**What is required:** Omit the images. Copy each entry word for word.

**Given data:**
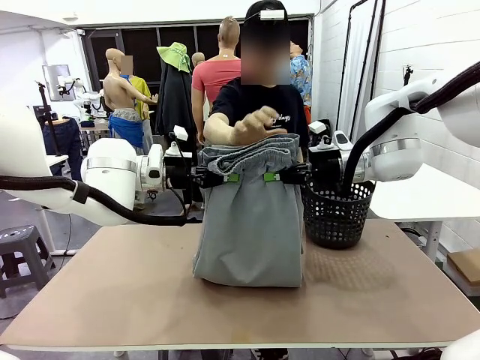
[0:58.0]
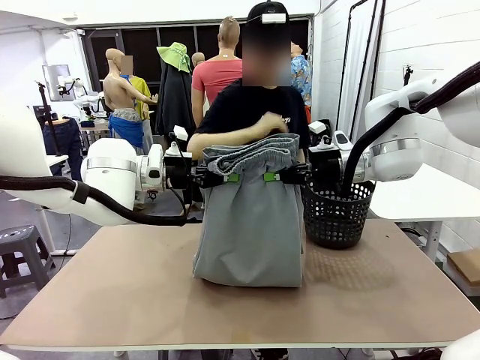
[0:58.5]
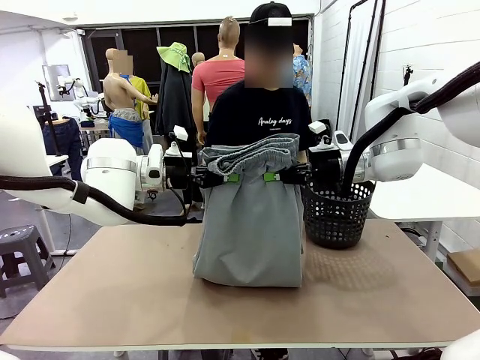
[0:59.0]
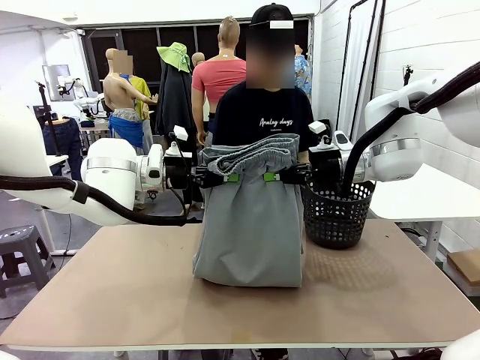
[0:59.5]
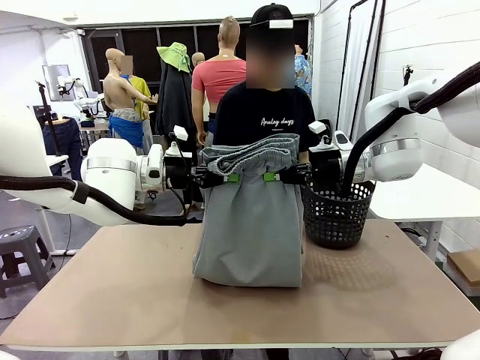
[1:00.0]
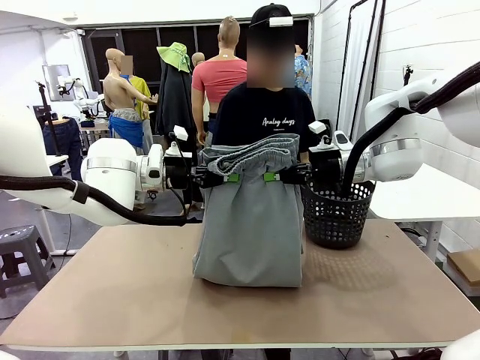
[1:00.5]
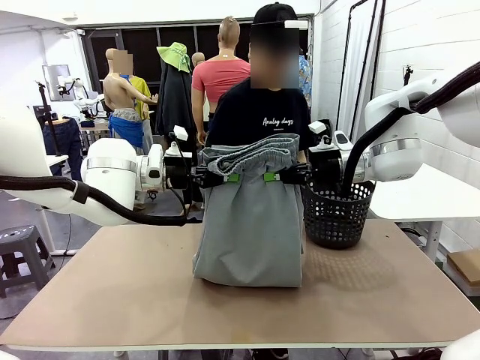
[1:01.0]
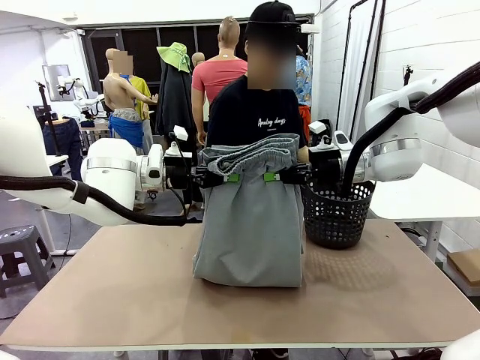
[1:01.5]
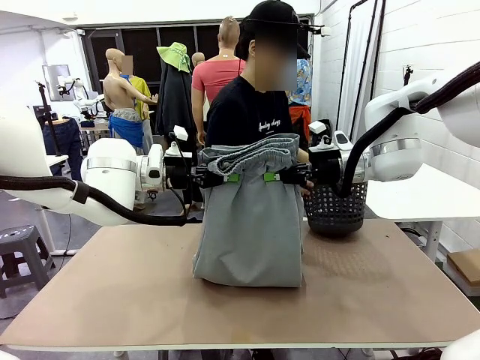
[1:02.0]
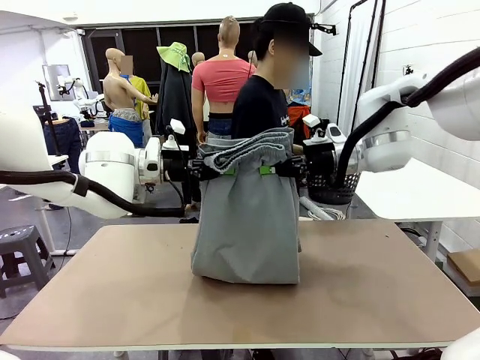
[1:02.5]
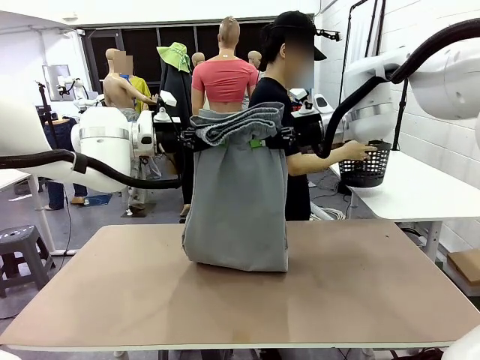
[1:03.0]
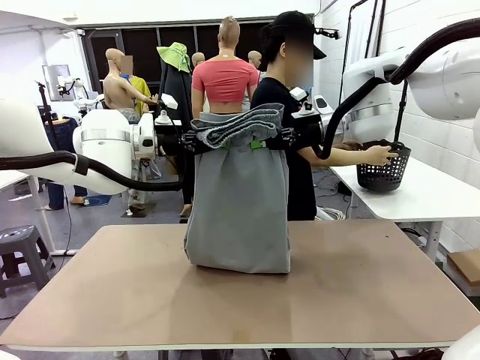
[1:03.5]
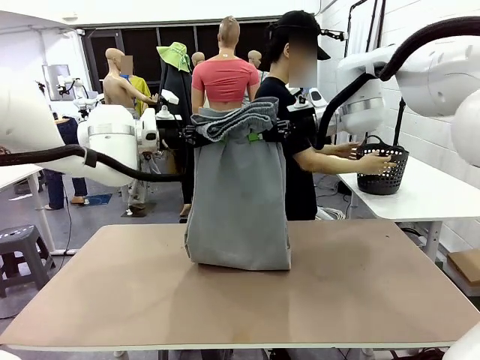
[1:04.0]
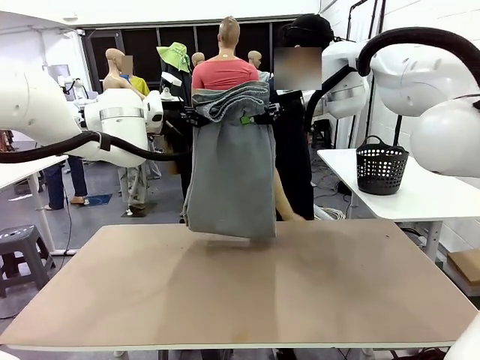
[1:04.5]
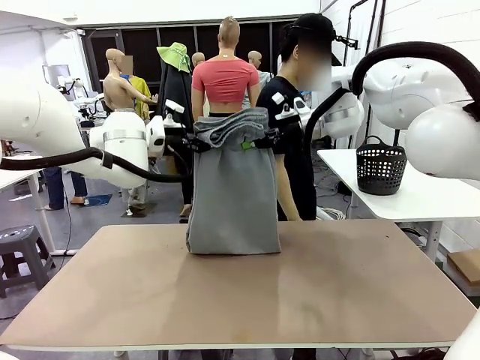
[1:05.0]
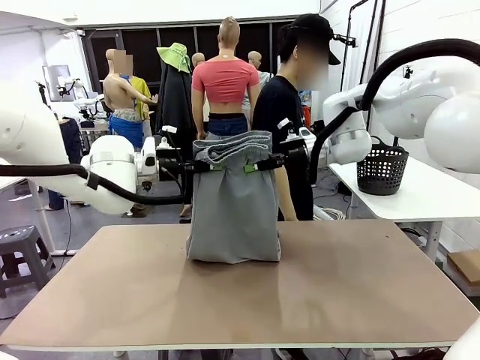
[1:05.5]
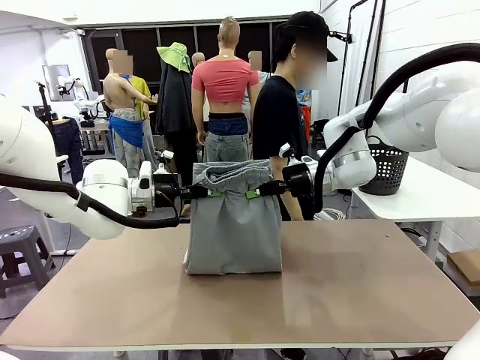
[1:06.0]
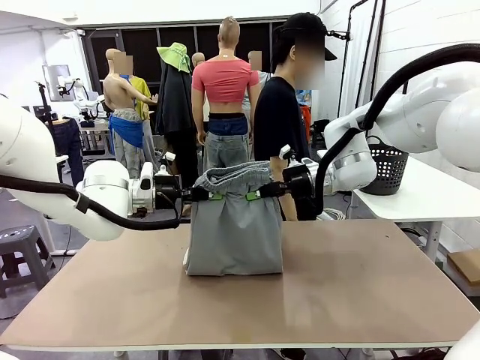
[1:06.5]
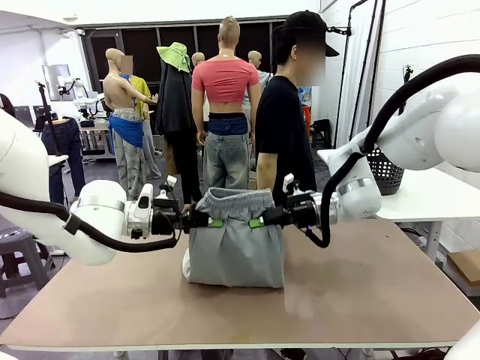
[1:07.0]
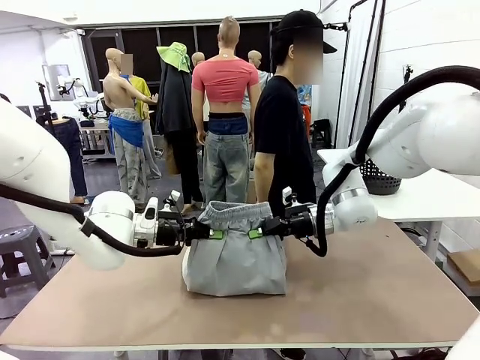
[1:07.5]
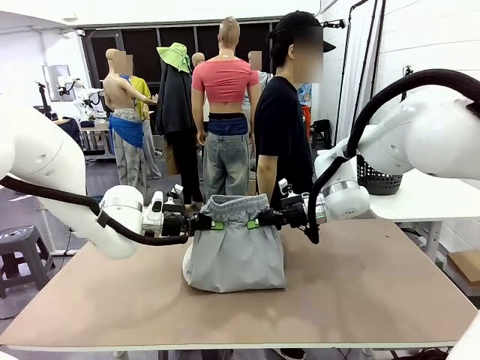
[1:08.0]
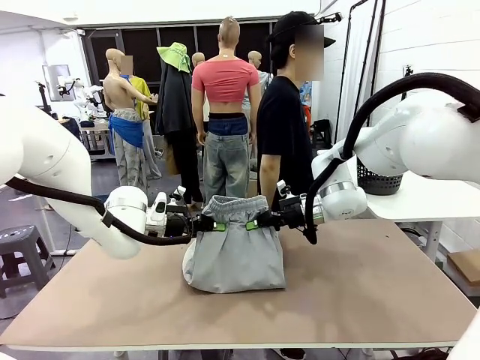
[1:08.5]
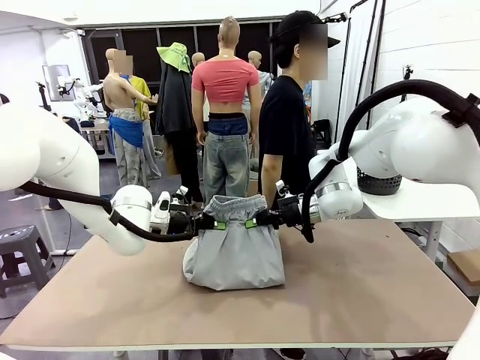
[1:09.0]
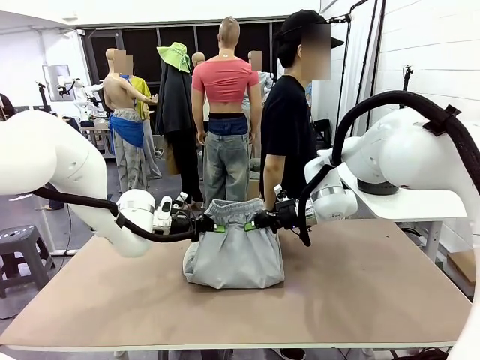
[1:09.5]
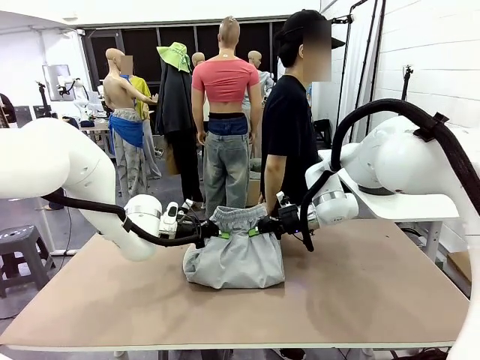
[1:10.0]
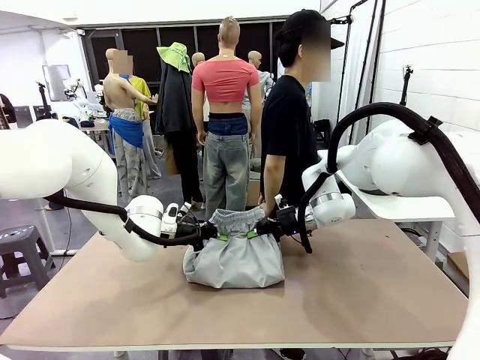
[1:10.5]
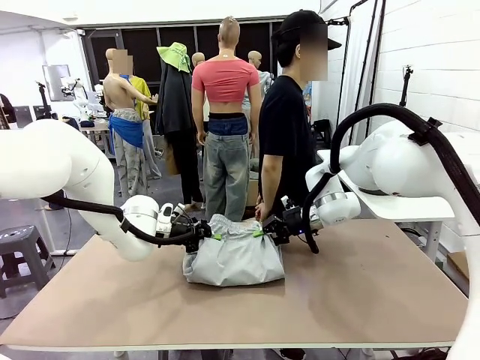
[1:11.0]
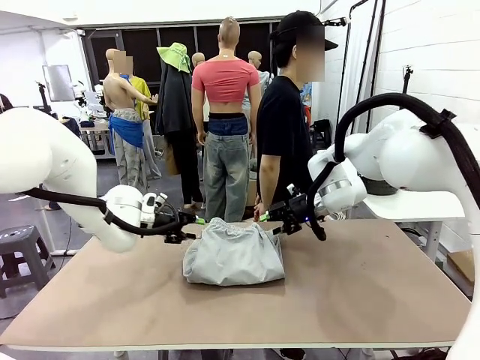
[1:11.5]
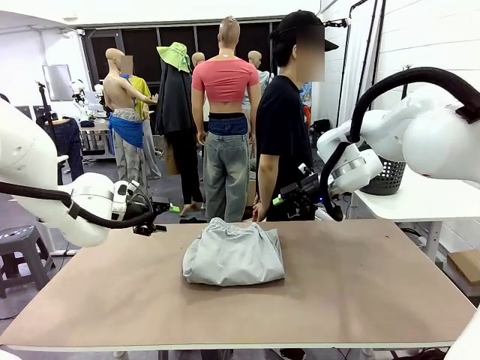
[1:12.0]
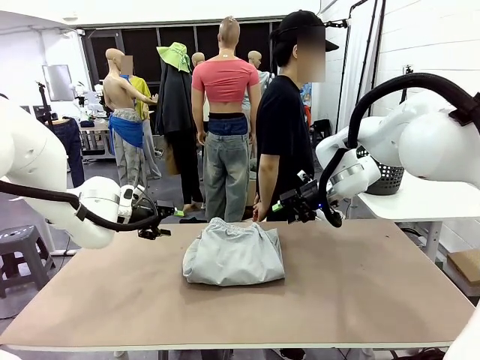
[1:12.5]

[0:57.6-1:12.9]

**Result of the task:**
[0:58.0]
[0:58.5]
[0:59.0]
[0:59.5]
[1:00.0]
[1:00.5]
[1:01.0]
[1:01.5]
[1:02.0]
[1:02.5]
[1:03.0]
[1:03.5]
[1:04.0]
[1:04.5]
[1:05.0]
[1:05.5]
[1:06.0]
[1:06.5]
[1:07.0]
[1:07.5]
[1:08.0]
[1:08.5]
[1:09.0]
[1:09.5]
[1:10.0]
[1:10.5]
[1:11.0]
[1:11.5]
[1:12.0]
[1:12.5]

[0:57.6-1:12.9]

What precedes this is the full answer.